# Too cold for rats??



## catz4m8z (Aug 27, 2008)

Just wondering how cold is too cold for rats??
My 4 girls live in my bedroom which isnt heated and has a dodgy window! Im worried how they will cope this winter though. They have plenty of bedding and a couple of covered houses in their cage, although they all tend to sleep together in a peg basket anyways!
I mean I was happy burrowed down under my covers last year, will they be the same??


----------



## SEVEN_PETS (Aug 11, 2009)

I'm wondering this too. My rats are in my bedroom and I rarely put the heater on. I give them hammocks which they can burrow into and houses with bedding to sleep in, but I wonder if they are ok. They did well last winter but I did put the heater on when it got really cold.


----------



## thedogsmother (Aug 28, 2008)

I came into the lounge this morning and it was freezing, I picked Edd up out of the rat pile and hes really warm so I dont think there is anything to worry about (fingers crossed)


----------



## alaun (Jul 21, 2009)

I just bought a heat pad for our degu from [email protected] - best £20 I've ever spent. He loves to cuddle up on to it. Your ratties might like it too.


----------



## thedogsmother (Aug 28, 2008)

alaun said:


> I just bought a heat pad for our degu from [email protected] - best £20 I've ever spent. He loves to cuddle up on to it. Your ratties might like it too.
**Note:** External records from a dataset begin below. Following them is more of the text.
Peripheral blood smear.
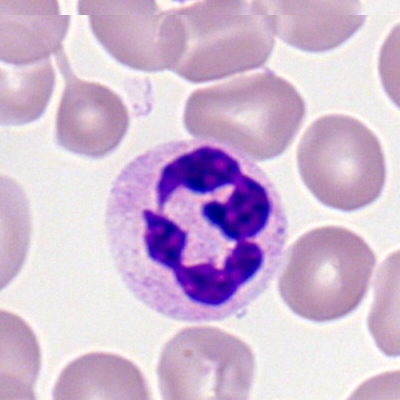Q: What is shown here?
A: This is a polymorphonuclear neutrophil.
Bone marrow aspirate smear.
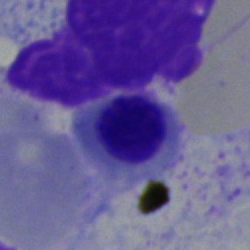

Nucleated red cell.
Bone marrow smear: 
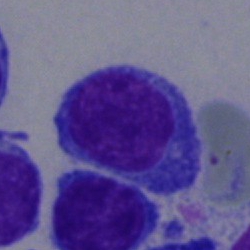This is a lymphocyte.
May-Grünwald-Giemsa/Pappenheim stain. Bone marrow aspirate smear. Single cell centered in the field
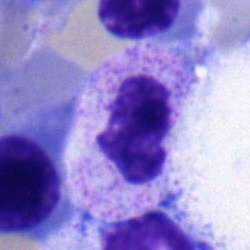
{"cell_type": "polymorphonuclear neutrophil"}
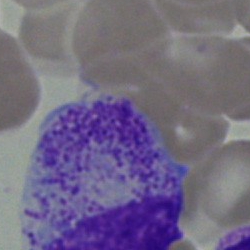Bone marrow smear showing a myelocyte.
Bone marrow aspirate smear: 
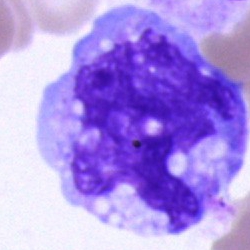
Specimen: bone marrow smear.
Cell: monocyte.
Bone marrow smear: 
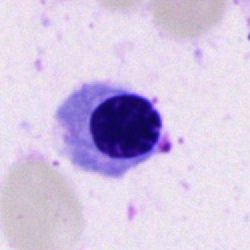

Q: What is the morphological classification of this cell?
A: It is an erythroblast.
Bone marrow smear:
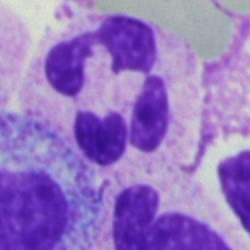 Morphology consistent with a segmented neutrophil.
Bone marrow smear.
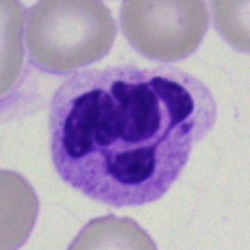 Cell — polymorphonuclear neutrophil.
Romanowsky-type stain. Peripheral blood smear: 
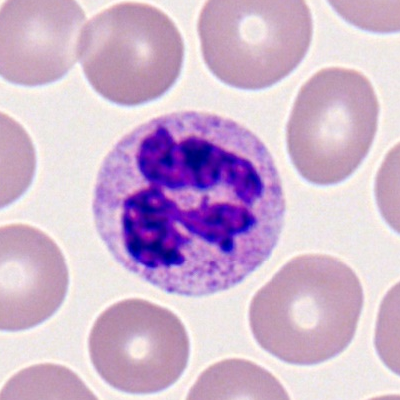 A polymorphonuclear neutrophil.
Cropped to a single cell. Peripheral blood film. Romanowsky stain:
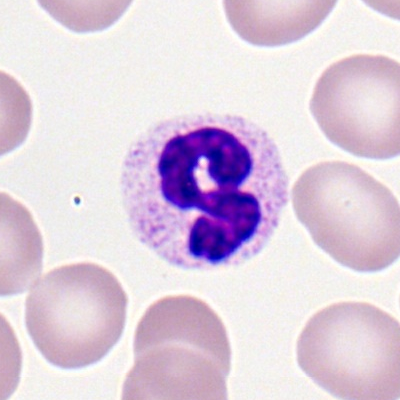

Showing a neutrophil (segmented).
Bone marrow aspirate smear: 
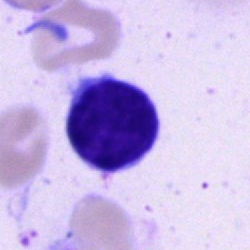 Cell: lymphocyte.
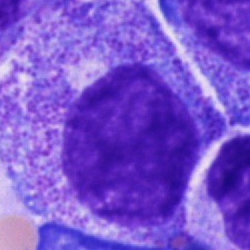 Impression → progranulocyte.

Are they safe if they chew them? might have to get err several (quickly works out how many cages we have)


----------



## niki87 (Nov 18, 2009)

Oh wow thanks hun I was wondering about this too so thanks for asking!! Been looking at those snuggle pads for the buns this winter...but rats are more chewy...as in they chew more :lol: so not sure? xx


----------



## Argent (Oct 18, 2009)

I don't think those heat pads are dangerous if chewed, don't hold me to that though!

Also, I find rats do much better when it's cold rather than when it's hot! We had to put the heating on the other day, we were so cold, and they ended up sprawled all over the cage looking as though they were melting!


----------



## niki87 (Nov 18, 2009)

Argent said:


> I don't think those heat pads are dangerous if chewed, don't hold me to that though!
> 
> Also, I find rats do much better when it's cold rather than when it's hot! We had to put the heating on the other day, we were so cold, and they ended up sprawled all over the cage looking as though they were melting!


Am in library at uni but that made me laugh out loud..oops!!! Bless them!! but great image.

Yeah mine are in the converted attic but its not the warmest place in the world...hamsters were fine last year but thinking of getting an electric heater for when it gets really cold! xx


----------



## owieprone (Nov 6, 2008)

as long as it doesn't get below 4/5 deg c they should be fine. they can cope with lower but for safetys sake i wouldn't risk it. i've had 3 rats die on me in extreme cold -6 deg c when they were in the shed and had plenty of provisions to keep them warm too. We have a thermo in the rat room that shows how cold/hot it has been so we can adjust their bedding accordingly.

if you've got a radiator in the rats room you should have it on the * setting anyway to avoid burst pipes or put it on the lowest heat setting so they get some warmth and move the cage closer.

we have the rad in rat-town on low and leave the door open during the day so that heat from the rest of the house can get in there (blinds are always down so also helps keep heat in).

you can put the cosies under the cage instead of in it if they are harmful chewed, the cage bottom is usually thin enough to let the heat through. 
i usually put an old blanket or towel over ours to keep the heat in more too. take it off or flip it back when we get in.


----------



## alaun (Jul 21, 2009)

They seem to be just really hard type of plastic that goes in the microwave. It says on the label, for rabbits, hamsters etc...my degu is very chewy too but he hasn't had a go at this yet. :thumbup:


----------



## jellybean01 (Feb 19, 2010)

I was worried about my rats being cold but like TDM said, whenever I pick them up they're always toasty so I'm sure they must be fine...although, is it wrong to use one as a neck warmer on chilly mornings??? :lol: (I'm joking!!!)


----------



## thedogsmother (Aug 28, 2008)

jellybean01 said:


> I was worried about my rats being cold but like TDM said, whenever I pick them up they're always toasty so I'm sure they must be fine...although, is it wrong to use one as a neck warmer on chilly mornings??? :lol: (I'm joking!!!)


No not wrong at all, is there another reason for keeping rats


----------



## niki87 (Nov 18, 2009)

thedogsmother said:


> No not wrong at all, is there another reason for keeping rats


Yeah...wearing eau de ratty!! xx


----------



## Tapir (Mar 20, 2010)

I worry about my guys too...they are in an insulated shed, but it's still cold in there. But the other day i put my hand in their nest and it was like a little oven! All7 were snuggled together! And they are eating me out of house and home getting their winter reserves!


----------